*** Data shown Section Begins ***

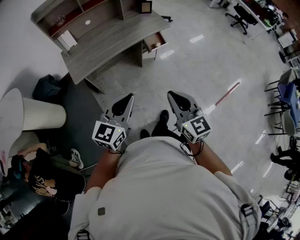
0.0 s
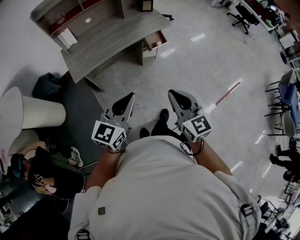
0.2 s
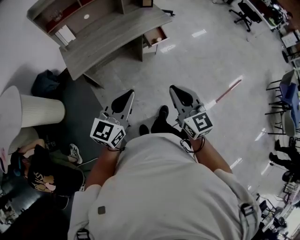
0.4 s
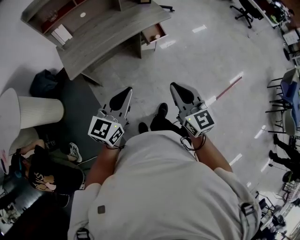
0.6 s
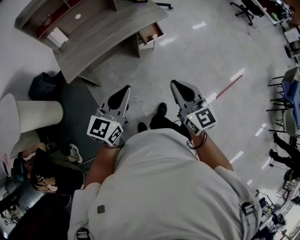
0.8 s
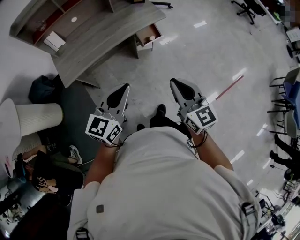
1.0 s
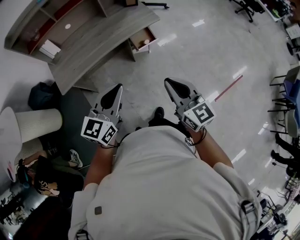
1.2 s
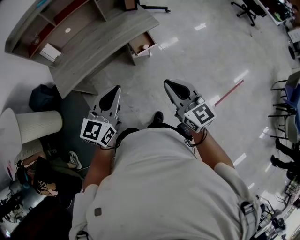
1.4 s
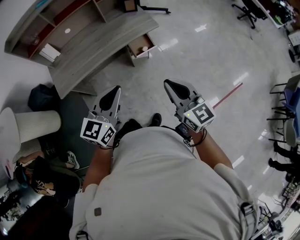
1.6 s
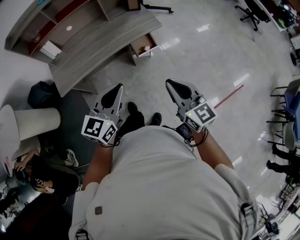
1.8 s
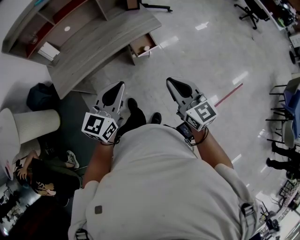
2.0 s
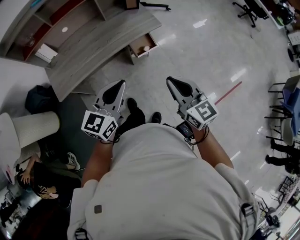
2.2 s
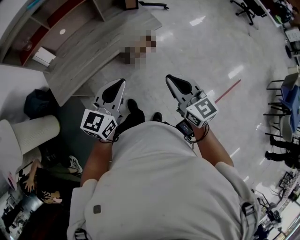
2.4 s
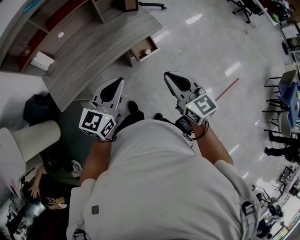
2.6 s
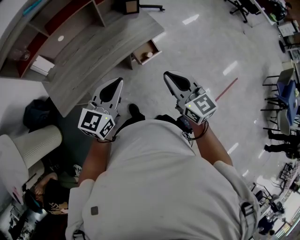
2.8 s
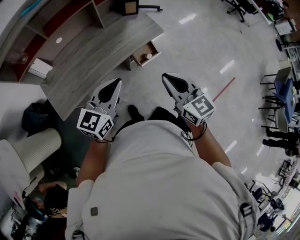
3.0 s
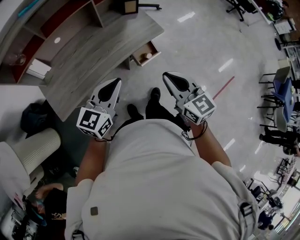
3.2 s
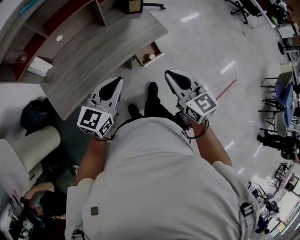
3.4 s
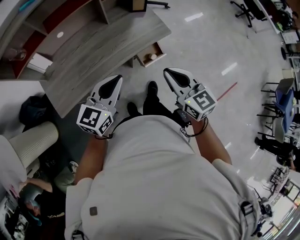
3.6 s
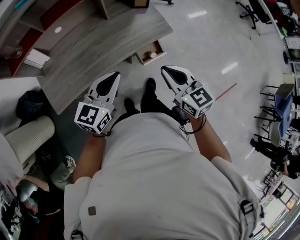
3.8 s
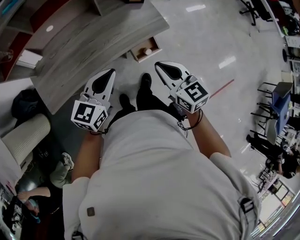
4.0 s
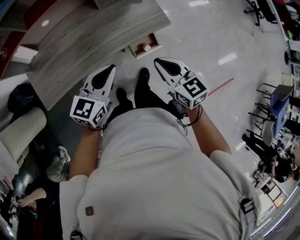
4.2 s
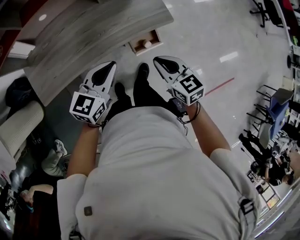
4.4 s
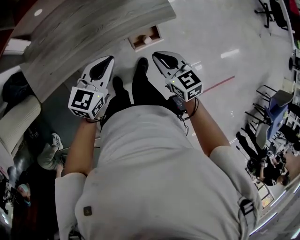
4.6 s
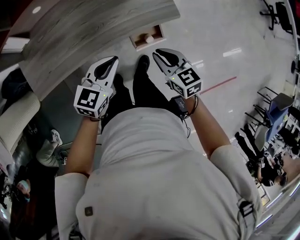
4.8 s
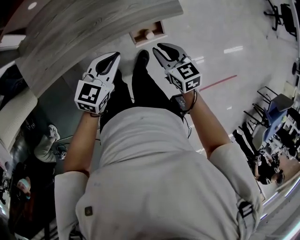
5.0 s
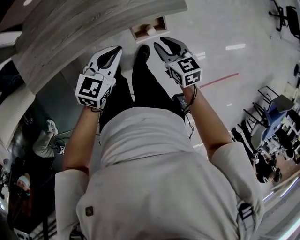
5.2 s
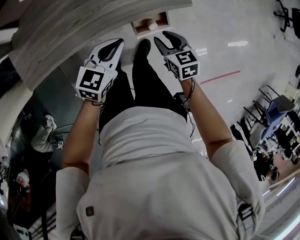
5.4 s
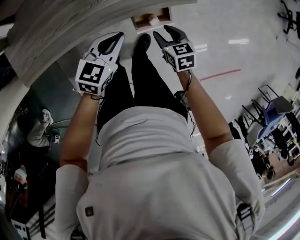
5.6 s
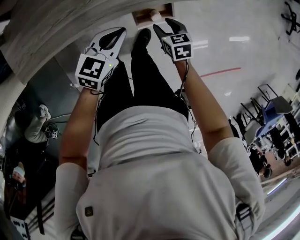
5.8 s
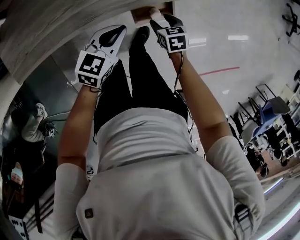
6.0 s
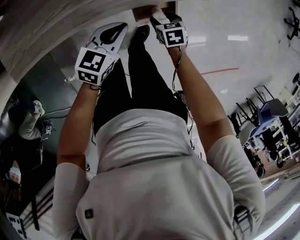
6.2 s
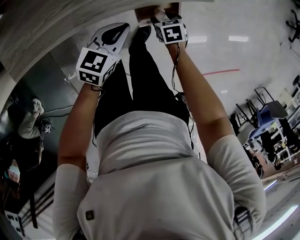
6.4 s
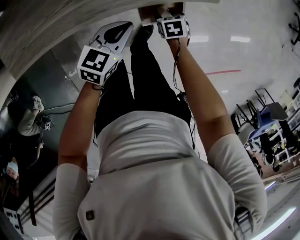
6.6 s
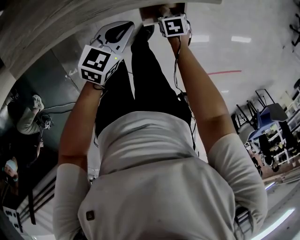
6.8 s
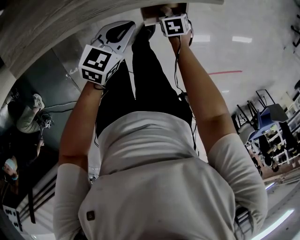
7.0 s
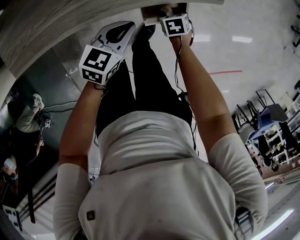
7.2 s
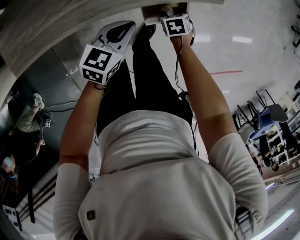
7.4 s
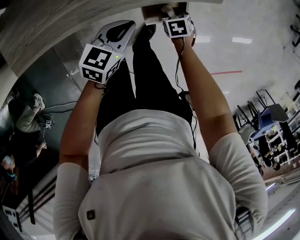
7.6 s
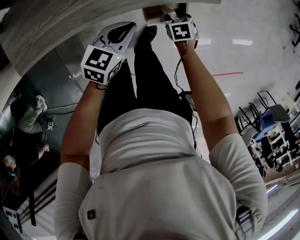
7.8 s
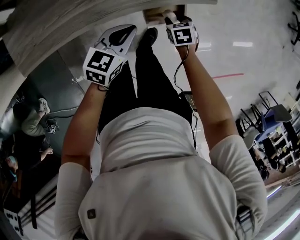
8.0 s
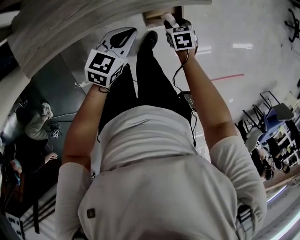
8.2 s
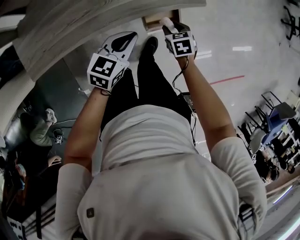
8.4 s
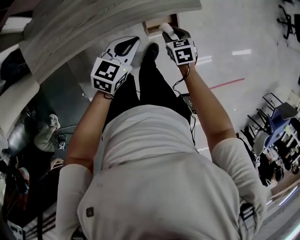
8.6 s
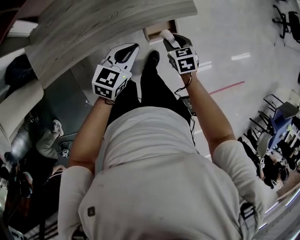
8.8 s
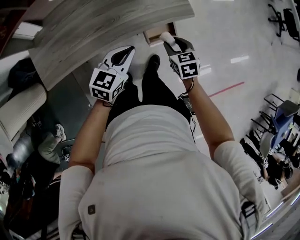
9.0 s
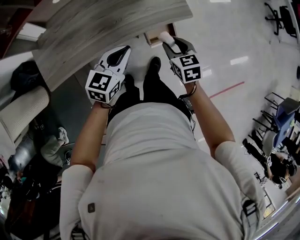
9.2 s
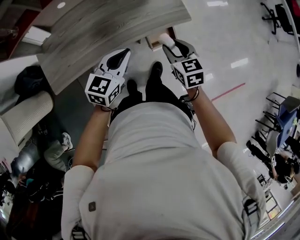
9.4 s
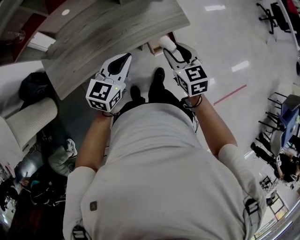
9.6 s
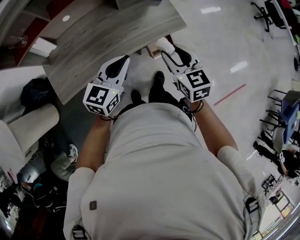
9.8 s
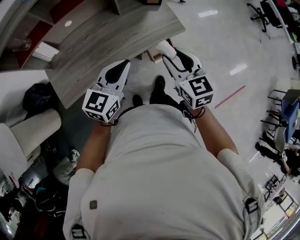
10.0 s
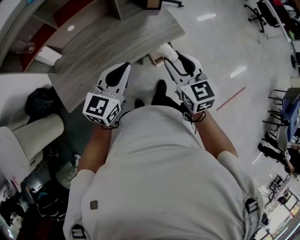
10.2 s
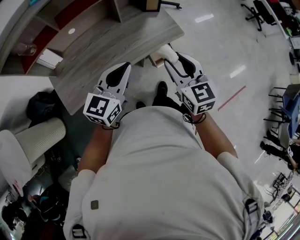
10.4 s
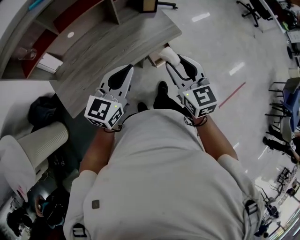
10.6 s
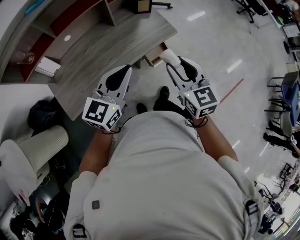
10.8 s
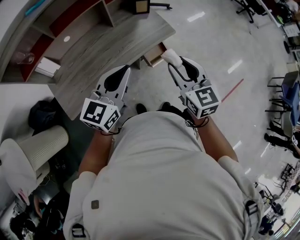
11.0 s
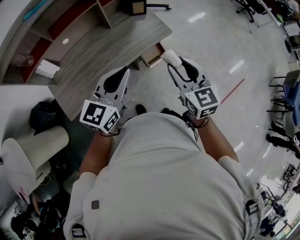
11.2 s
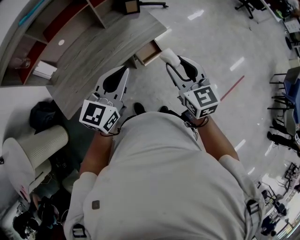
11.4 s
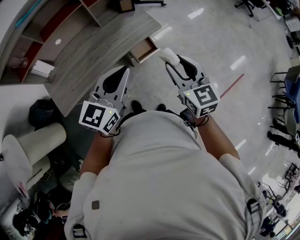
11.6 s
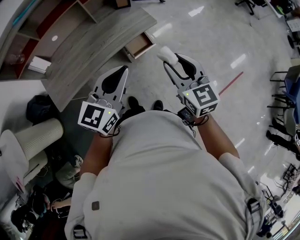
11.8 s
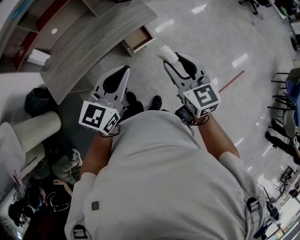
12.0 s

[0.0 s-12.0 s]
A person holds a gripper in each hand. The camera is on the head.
0.0 to 1.6 s: Both grippers move forward and to the right, some 25 cm.
1.6 to 3.0 s: Both grippers travel together forward and to the left, roughly 20 cm.
3.0 to 4.4 s: The grippers both shift forward and downward by approximately 20 cm. The right gripper turns by roughly 20 degrees.
4.4 to 6.0 s: Both grippers travel together downward, roughly 30 cm. The right gripper swivels some 30 degrees, and opens up.
6.0 to 7.6 s: The right gripper is displaced downward by some 5 cm.
7.6 to 9.0 s: The two grippers go some 25 cm upward. The right gripper swivels roughly 20 degrees.
9.0 to 10.4 s: Both grippers travel together upward, approximately 25 cm. The right gripper angles its fingers upward, by about 30 degrees.
10.4 to 12.0 s: The two grippers go approximately 25 cm to the right and backward.

*** Data shown Section Ends ***

Exercise directions:
Print again, exactly, the lines of the records above from the first line through the line with "[0.0 s-12.0 s]". No pictures.

Result below:
0.0 s
0.2 s
0.4 s
0.6 s
0.8 s
1.0 s
1.2 s
1.4 s
1.6 s
1.8 s
2.0 s
2.2 s
2.4 s
2.6 s
2.8 s
3.0 s
3.2 s
3.4 s
3.6 s
3.8 s
4.0 s
4.2 s
4.4 s
4.6 s
4.8 s
5.0 s
5.2 s
5.4 s
5.6 s
5.8 s
6.0 s
6.2 s
6.4 s
6.6 s
6.8 s
7.0 s
7.2 s
7.4 s
7.6 s
7.8 s
8.0 s
8.2 s
8.4 s
8.6 s
8.8 s
9.0 s
9.2 s
9.4 s
9.6 s
9.8 s
10.0 s
10.2 s
10.4 s
10.6 s
10.8 s
11.0 s
11.2 s
11.4 s
11.6 s
11.8 s
12.0 s

[0.0 s-12.0 s]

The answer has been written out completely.